Plan to divide California into 6 states advances - davidbarker
http://www.washingtonpost.com/business/technology/plan-to-divide-california-into-6-states-advances/2014/02/20/2d46fc70-9a90-11e3-9900-dd917233cf9c_story.html

======
VLM
"Draper said the smaller governments would be more responsive to the needs of
residents and communities"

Why? I've lived in big states, little states, and now in the middle, and the
possible ratios are quite large, lots bigger than a mere six or so, and I
assure you the DMV in little states didn't love me any more than in
megastates. Or the state revenue dept, or any other.

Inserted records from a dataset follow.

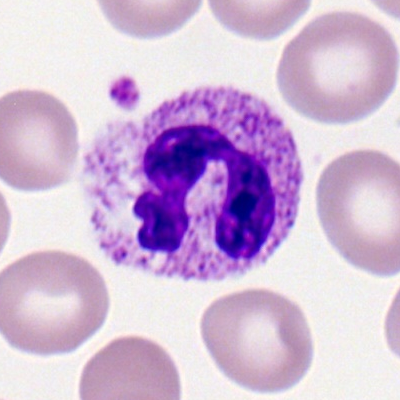 Morphology — segmented neutrophil.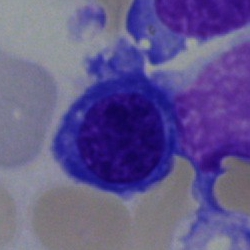
Single cell identified as a normoblast.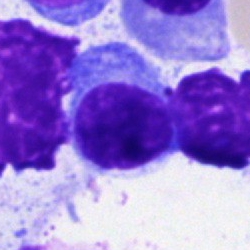

Specimen: bone marrow smear.
Classification: lymphocyte.
Lineage: lymphoid.
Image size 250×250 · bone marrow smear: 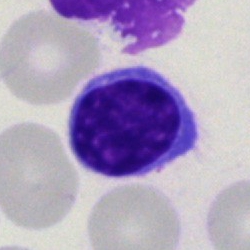

A typical lymphocyte.

Individual citizens in the USA don't matter any more unless they're in the
neofeudal overclass, but even for the elite, the only real effect will be
"formerly state wide, now 6-state wide" businesses will have six times the
hassle, six times the election campaign contributions required to obtain
service, six times the paperwork, I'm not seeing an advantage. And again, in
my experience, if anything, big state governments stay "bought" better than
small state governments, or at least there isn't a factor of six gain. Who is
easier to purchase, an Illinois governor all of which have ended up in prison,
or a Wisconsin governor few of which (none? although we're getting real close
now...) have ended up in prison. The big guys are easier to buy, over more
than a factor of six.